**Exercise objective:** Take each line of the entries below that contains "between" and copy it.

**Data supplied:**
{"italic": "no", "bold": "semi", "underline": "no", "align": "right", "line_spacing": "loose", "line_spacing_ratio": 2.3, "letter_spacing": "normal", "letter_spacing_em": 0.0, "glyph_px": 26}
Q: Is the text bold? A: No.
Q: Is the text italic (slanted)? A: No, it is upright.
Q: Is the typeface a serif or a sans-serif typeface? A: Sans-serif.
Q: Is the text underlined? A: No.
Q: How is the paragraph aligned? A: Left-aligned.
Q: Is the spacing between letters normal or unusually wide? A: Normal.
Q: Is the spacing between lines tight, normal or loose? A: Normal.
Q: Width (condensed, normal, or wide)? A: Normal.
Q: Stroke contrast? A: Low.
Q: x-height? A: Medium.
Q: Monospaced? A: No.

==

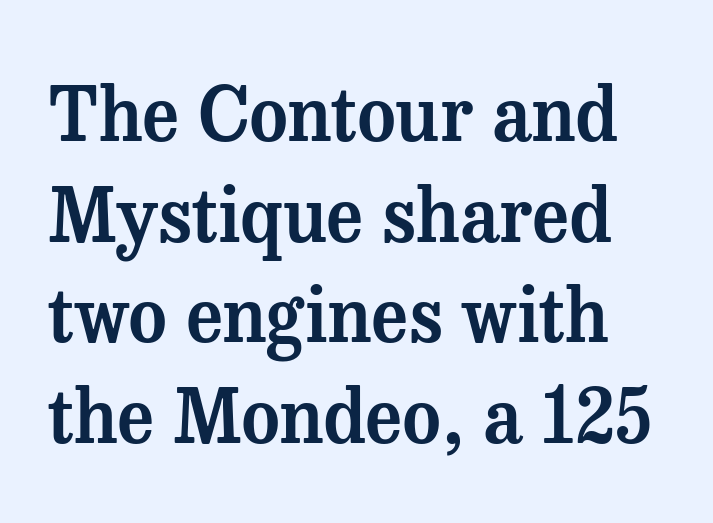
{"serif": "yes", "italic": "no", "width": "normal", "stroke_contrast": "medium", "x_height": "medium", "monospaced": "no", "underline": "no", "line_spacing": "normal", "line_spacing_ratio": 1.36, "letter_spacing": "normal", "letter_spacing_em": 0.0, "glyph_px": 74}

**Solution for this exercise:**
Q: Is the spacing between letters normal or unusually wide? A: Normal.
Q: Is the spacing between lines tight, normal or loose? A: Normal.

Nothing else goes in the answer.